In the next two subsections, we show the results for the two types of experiments in the black-box setting.

4.1.1 Budget-driven experiments

The results of the first type of experiments are shown in Table 4. In the second column, $f_{\textrm{OPT}}$ denotes the objective function value of the global minimum of the problem when it is known or the best known objective function value otherwise. For each solver, we show the best, the average and the worst objective function values obtained in 50 runs on every test problem.

Table 4: Results for the first type of experiments on a budget of 100 black-box calls. For each solver, we show the best, the average and the worst objective function values obtained in 50 runs.

Prob	$f_{\textrm{OPT}}$	Solver	Best	Avg.	Worst
Harley	-600	GA	-195.2264	-3.1266	209.5655
		PS	None	None	None
		DEFT-FUNNEL	-600	-17.1508	301.9904
WB4	1.7250	GA	2.3013	4.4525	6.1749
		PS	3.6274	7.2408	11.0038
		DEFT-FUNNEL	2.9246	7.3649	16.1476
GTCD4	2964893.85	GA	4004353.4045	9693274.3280	13860176.1776
		PS	4953046.0849	12212940.1950	13786675.7772
		DEFT-FUNNEL	3648033.5677	11080105.7502	28062428.3209
PVD4	5804.45	GA	5804.3762	5870.6299	6095.9716
		PS	5877.6483	7650.8416	10827.5206
		DEFT-FUNNEL	5804.3761	7360.2882	10033.0231
SR7	2994.42	GA	3027.8978	3151.6054	3438.7069
		PS	3134.0525	3516.1761	5677.6224
		DEFT-FUNNEL	3003.7577	3489.8743	4583.1364
Hesse	-310	GA	-292.1091	-277.1073	-259.1020
		PS	-302.1163	-162.5650	-49.4364
		DEFT-FUNNEL	-310	-234.5969	-24
Gómez #3	-0.9711	GA	-0.9711	-0.8551	-0.6532
		PS	-0.9700	-0.7774	-0.4293
		DEFT-FUNNEL	-0.9711	-0.0689	3.23333
G3	-1	GA	-1	-0.9978	-0.9872
		PS	-1	-0.8162	-0.0831
		DEFT-FUNNEL	-1	-0.8967	-0.0182
G4	-30665.539	GA	-30674.0765	-30048.4518	-29243.6646
		PS	-30814.5885	-29422.4521	-27838.8541
		DEFT-FUNNEL	-31025.6056	-30980.3524	-29246.5608
G6	-6961.8139	GA	-6240.7711	-3520.1488	-2275.7798
		PS	-6252.2652	-3220.0072	-1206.1356
		DEFT-FUNNEL	-6961.8165	-6961.8158	-6961.8146
G7	24.3062091	GA	95.3300	325.3722	688.7635
		PS	197.7475	434.6940	687.2492
		DEFT-FUNNEL	24.3011	52.1011	185.5706
G8	-0.095825	GA	-0.0909	-0.0267	-0.0002
		PS	-0.0953	-0.0097	0.0185
		DEFT-FUNNEL	-0.0958	-0.0471	0.0008
G9	680.6300573	GA	775.1281	1253.1102	4815.6952
		PS	953.2964	5336.9157	12000.4159
		DEFT-FUNNEL	797.1996	1403.7992	2668.9271
G11	0.75000455	GA	0.7500	0.7557	0.7941
		PS	0.7502	0.8937	0.9997
		DEFT-FUNNEL	0.7499	0.7513	0.8091

As it can be seen in Table 4, DEFT-FUNNEL found the global minimum in 10 out of 14 problems, while GA and PS did it in only 5 problems.

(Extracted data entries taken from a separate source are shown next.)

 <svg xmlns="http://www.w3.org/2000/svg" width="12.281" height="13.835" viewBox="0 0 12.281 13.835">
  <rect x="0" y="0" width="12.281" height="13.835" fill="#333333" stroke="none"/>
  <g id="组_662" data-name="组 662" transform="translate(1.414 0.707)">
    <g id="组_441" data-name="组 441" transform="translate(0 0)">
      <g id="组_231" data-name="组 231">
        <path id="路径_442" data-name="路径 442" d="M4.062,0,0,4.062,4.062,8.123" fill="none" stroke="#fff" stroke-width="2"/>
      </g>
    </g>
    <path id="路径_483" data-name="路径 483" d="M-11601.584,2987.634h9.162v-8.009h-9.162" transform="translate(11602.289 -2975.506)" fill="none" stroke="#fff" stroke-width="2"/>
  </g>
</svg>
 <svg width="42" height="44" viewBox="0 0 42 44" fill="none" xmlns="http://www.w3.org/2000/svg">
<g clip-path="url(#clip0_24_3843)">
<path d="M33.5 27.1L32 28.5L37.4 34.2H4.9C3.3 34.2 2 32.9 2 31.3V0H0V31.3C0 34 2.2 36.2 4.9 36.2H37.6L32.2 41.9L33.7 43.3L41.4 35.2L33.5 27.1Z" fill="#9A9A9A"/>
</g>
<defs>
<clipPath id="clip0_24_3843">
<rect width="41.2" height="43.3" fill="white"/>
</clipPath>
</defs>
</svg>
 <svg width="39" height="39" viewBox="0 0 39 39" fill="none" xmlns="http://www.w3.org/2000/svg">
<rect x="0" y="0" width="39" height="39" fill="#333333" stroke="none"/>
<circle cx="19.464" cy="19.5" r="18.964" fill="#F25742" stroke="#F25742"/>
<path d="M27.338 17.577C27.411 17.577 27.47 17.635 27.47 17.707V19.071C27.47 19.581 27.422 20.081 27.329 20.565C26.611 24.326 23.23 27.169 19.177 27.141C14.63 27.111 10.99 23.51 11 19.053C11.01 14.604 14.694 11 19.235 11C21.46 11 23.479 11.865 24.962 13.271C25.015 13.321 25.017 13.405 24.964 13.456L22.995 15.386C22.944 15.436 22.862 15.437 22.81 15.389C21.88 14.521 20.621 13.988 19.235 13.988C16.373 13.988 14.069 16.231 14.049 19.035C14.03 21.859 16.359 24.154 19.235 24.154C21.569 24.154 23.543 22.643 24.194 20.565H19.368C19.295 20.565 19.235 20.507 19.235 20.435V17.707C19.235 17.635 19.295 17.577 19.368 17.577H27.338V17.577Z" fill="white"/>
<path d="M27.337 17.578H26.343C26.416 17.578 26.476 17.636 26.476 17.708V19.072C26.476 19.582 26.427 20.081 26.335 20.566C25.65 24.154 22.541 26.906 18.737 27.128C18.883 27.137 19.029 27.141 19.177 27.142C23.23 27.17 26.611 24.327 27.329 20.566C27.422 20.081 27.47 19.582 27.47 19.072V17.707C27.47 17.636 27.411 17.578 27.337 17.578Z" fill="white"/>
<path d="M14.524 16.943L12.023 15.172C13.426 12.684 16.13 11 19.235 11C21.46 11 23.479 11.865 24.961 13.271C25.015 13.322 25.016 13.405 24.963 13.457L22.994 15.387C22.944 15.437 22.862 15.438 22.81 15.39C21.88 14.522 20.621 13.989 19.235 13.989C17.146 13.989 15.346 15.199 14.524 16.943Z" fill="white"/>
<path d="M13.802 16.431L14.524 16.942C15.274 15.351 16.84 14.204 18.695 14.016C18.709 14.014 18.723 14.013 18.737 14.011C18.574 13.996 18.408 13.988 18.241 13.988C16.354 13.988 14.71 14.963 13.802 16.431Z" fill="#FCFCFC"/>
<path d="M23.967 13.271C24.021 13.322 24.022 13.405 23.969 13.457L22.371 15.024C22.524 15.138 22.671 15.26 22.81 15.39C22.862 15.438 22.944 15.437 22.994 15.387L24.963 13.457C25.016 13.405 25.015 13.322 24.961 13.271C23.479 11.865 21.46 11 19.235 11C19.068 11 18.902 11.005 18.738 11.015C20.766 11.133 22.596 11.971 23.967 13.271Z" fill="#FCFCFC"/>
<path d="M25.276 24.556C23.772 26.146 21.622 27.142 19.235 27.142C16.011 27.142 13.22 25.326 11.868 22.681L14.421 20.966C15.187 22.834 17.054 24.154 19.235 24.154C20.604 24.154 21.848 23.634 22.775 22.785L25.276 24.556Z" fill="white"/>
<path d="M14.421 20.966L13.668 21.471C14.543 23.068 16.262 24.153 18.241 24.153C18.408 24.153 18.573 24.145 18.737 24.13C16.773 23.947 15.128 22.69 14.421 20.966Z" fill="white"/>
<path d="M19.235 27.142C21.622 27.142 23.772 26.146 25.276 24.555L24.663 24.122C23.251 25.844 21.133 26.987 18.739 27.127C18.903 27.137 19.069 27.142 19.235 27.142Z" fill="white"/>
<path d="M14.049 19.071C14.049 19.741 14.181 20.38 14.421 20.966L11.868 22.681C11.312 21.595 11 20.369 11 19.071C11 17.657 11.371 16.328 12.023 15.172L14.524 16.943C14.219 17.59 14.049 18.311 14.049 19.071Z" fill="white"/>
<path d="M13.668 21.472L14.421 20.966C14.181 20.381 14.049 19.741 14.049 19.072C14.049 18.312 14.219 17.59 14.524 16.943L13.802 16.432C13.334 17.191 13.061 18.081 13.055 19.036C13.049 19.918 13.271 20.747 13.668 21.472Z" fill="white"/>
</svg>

Besides, when considering the best value found by each solver, DEFT-FUNNEL was superior to the others or equal to the best solver in 12 problems. In the average and worse cases, it also presented a very good performance; in particular, its worse performance was inferior to all others’ in only 4 problems. Although GA did not reach the global minimum often, it presented the best average-case performance among all methods, while PS presented the worst. Finally, PS was the only one unable to reach a feasible solution in the Harley pooling problem.

4.1.2 Experiments driven by global minima

We now evaluate the ability of each solver to find global minima rather than local minima. The results of the second type of experiments for each test problem are presented individually, which allows a better analysis of the evolution of each solver performance over the number of function evaluations allowed. Each figure is thus associated to one single test problem and shows the average progress curve of each solver after 50 trials as a function of the budget.

In Figure 4, we show the results on test problems Harley, WB4, GTCD4 and PVD4. DEFT-FUNNEL and GA presented the best performance among the three methods, each one being superior to the other in 2 out of 4 problems. PS not only was inferior to the other two methods, but it also seemed not to be affected by the number of black-box calls allowed, as it can be seen in Figures 4(a), 4(b) and 4(c). In particular, it did not find a feasible solution for the Harley problem at all. Moreover, the solutions found by PS had often much larger objective function values than those obtained by DEFT-FUNNEL and GA.

Figure 5 shows the results on test problems SR7, Hesse, Gómez #3 and G3. DEFT-FUNNEL and GA had similar performances on SR7, Hesse and G3 problems, while PS had the poorest performance. GA was the best method on Gómez #3, being very close to the global minimum in the end. Finally, PS performance on SR7 shows that allowing more black-box calls was not helpful and that the objective function value even increased.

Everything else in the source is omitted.